══ SUPPLIED DATA

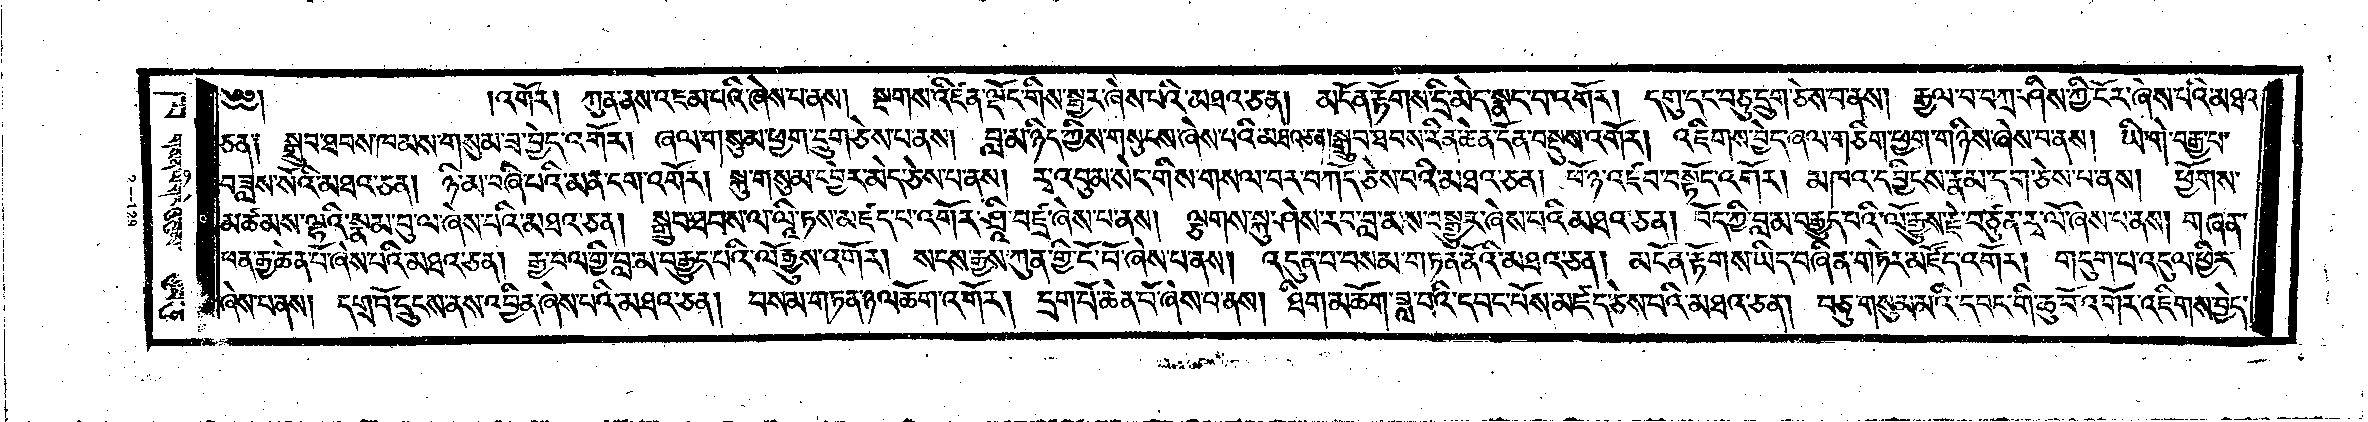༄༅། །འགོར། ཀུན་ནས་འཇམ་པའི་ཞེས་པ་ནས། སྔགས་འཛིན་ལྡོང་གིས་སྦྱར་ཞེས་པའི་མཐའ་ཅན། མངོན་རྟོགས་དྲི་མེད་སྣང་བ་འགོར། དགུ་དང་བཅུ་དྲུག་ཅེས་པ་ནས། རྒྱལ་བ་བཀྲ་ཤིས་ཀྱི་ངོར་ཞེས་པའི་མཐའ་
ཅན༑ སྒྲུབ་ཐབས་ཁམས་གསུམ་ཟ་བྱེད་འགོར། ཞལ་གསུམ་ཕྱག་དྲུག་ཅེས་པ་ནས། བླ་མ་ཉིད་ཀྱིས་གསུངས་ཞེས་པའི་མཐའ་ཅན། སྒྲུབ་ཐབས་རིན་ཆེན་དོན་བསྡུས་འགོར། འཇིགས་བྱེད་ཞལ་གཅིག་ཕྱག་གཉིས་ཞེས་པ་ནས། ཡི་གེ་བརྒྱ་པ་
བཟླས་སོའི་མཐའ་ཅན། ཉི་མ་བཞི་པའི་མན་ངག་འགོར། སྐུ་གསུམ་དབྱེར་མེད་ཅེས་པ་ནས། རྭ་འབུམ་སེང་གིས་གསལ་བར་བཀོད་ཅེས་པའི་མཐའ་ཅན། ཕོ་ཉ་འཛབ་བསྟོད་འགོར། མཁའ་དབྱིངས་རྣམ་དག་ཅེས་པ་ནས། ཕྱོགས་
མཚམས་ལྷའི་སྣམ་བུ་ལ་ཞེས་པའི་མཐའ་ཅན། སྒྲུབ་ཐབས་ལ་ལཱི་ཏས་མཛད་པ་འགོར་ཤྲཱི་བཛྲ་ཞེས་པ་ནས། ལྕགས་སྐུ་ཤེས་རབ་བླ་མས་བསྒྱུར་ཞེས་པའི་མཐའ་ཅན། བོད་ཀྱི་བླ་མ་བརྒྱུད་པའི་ལོ་རྒྱུས་རྗེ་བཙུན་རྭ་ལོ་ཞེས་པ་ནས། གཞན་
ཕན་རྒྱ་ཆེན་པོ་ཞེས་པའི་མཐའ་ཅན། རྒྱ་བལ་གྱི་བླ་མ་བརྒྱུད་པའི་ལོ་རྒྱུས་འགོར། སངས་རྒྱས་ཀུན་གྱི་ངོ་བོ་ཞེས་པ་ནས། འདུན་པ་བསམ་གཏན་ནོའི་མཐའ་ཅན། མངོན་རྟོགས་ཡིད་བཞིན་གཏེར་མཛོད་འགོར། གདུག་པ་འདུལ་ཕྱིར་
ཞེས་པ་ནས། དགྲ་བོ་དྲུངས་ནས་འབྱིན་ཞེས་པའི་མཐའ་ཅན། བསམ་གཏན་ཉལ་ཆོག་འགོར། དྲག་པོ་ཆེན་པོ་ཞེས་པ་ནས། ཐིག་མཆོག་ཟླ་བའི་དབང་པོས་མཛད་ཅེས་པའི་མཐའ་ཅན། བཅུ་གསུམ་མའི་དབང་གི་ཆུ་བོ་འགོར་འཇིགས་བྱེད་

════

**EXERCISE GOAL:**
Leaving out the pictures, return the records exactly as given.

**FINISHED EXERCISE:**
༄༅། །འགོར། ཀུན་ནས་འཇམ་པའི་ཞེས་པ་ནས། སྔགས་འཛིན་ལྡོང་གིས་སྦྱར་ཞེས་པའི་མཐའ་ཅན། མངོན་རྟོགས་དྲི་མེད་སྣང་བ་འགོར། དགུ་དང་བཅུ་དྲུག་ཅེས་པ་ནས། རྒྱལ་བ་བཀྲ་ཤིས་ཀྱི་ངོར་ཞེས་པའི་མཐའ་
ཅན༑ སྒྲུབ་ཐབས་ཁམས་གསུམ་ཟ་བྱེད་འགོར། ཞལ་གསུམ་ཕྱག་དྲུག་ཅེས་པ་ནས། བླ་མ་ཉིད་ཀྱིས་གསུངས་ཞེས་པའི་མཐའ་ཅན། སྒྲུབ་ཐབས་རིན་ཆེན་དོན་བསྡུས་འགོར། འཇིགས་བྱེད་ཞལ་གཅིག་ཕྱག་གཉིས་ཞེས་པ་ནས། ཡི་གེ་བརྒྱ་པ་
བཟླས་སོའི་མཐའ་ཅན། ཉི་མ་བཞི་པའི་མན་ངག་འགོར། སྐུ་གསུམ་དབྱེར་མེད་ཅེས་པ་ནས། རྭ་འབུམ་སེང་གིས་གསལ་བར་བཀོད་ཅེས་པའི་མཐའ་ཅན། ཕོ་ཉ་འཛབ་བསྟོད་འགོར། མཁའ་དབྱིངས་རྣམ་དག་ཅེས་པ་ནས། ཕྱོགས་
མཚམས་ལྷའི་སྣམ་བུ་ལ་ཞེས་པའི་མཐའ་ཅན། སྒྲུབ་ཐབས་ལ་ལཱི་ཏས་མཛད་པ་འགོར་ཤྲཱི་བཛྲ་ཞེས་པ་ནས། ལྕགས་སྐུ་ཤེས་རབ་བླ་མས་བསྒྱུར་ཞེས་པའི་མཐའ་ཅན། བོད་ཀྱི་བླ་མ་བརྒྱུད་པའི་ལོ་རྒྱུས་རྗེ་བཙུན་རྭ་ལོ་ཞེས་པ་ནས། གཞན་
ཕན་རྒྱ་ཆེན་པོ་ཞེས་པའི་མཐའ་ཅན། རྒྱ་བལ་གྱི་བླ་མ་བརྒྱུད་པའི་ལོ་རྒྱུས་འགོར། སངས་རྒྱས་ཀུན་གྱི་ངོ་བོ་ཞེས་པ་ནས། འདུན་པ་བསམ་གཏན་ནོའི་མཐའ་ཅན། མངོན་རྟོགས་ཡིད་བཞིན་གཏེར་མཛོད་འགོར། གདུག་པ་འདུལ་ཕྱིར་
ཞེས་པ་ནས། དགྲ་བོ་དྲུངས་ནས་འབྱིན་ཞེས་པའི་མཐའ་ཅན། བསམ་གཏན་ཉལ་ཆོག་འགོར། དྲག་པོ་ཆེན་པོ་ཞེས་པ་ནས། ཐིག་མཆོག་ཟླ་བའི་དབང་པོས་མཛད་ཅེས་པའི་མཐའ་ཅན། བཅུ་གསུམ་མའི་དབང་གི་ཆུ་བོ་འགོར་འཇིགས་བྱེད་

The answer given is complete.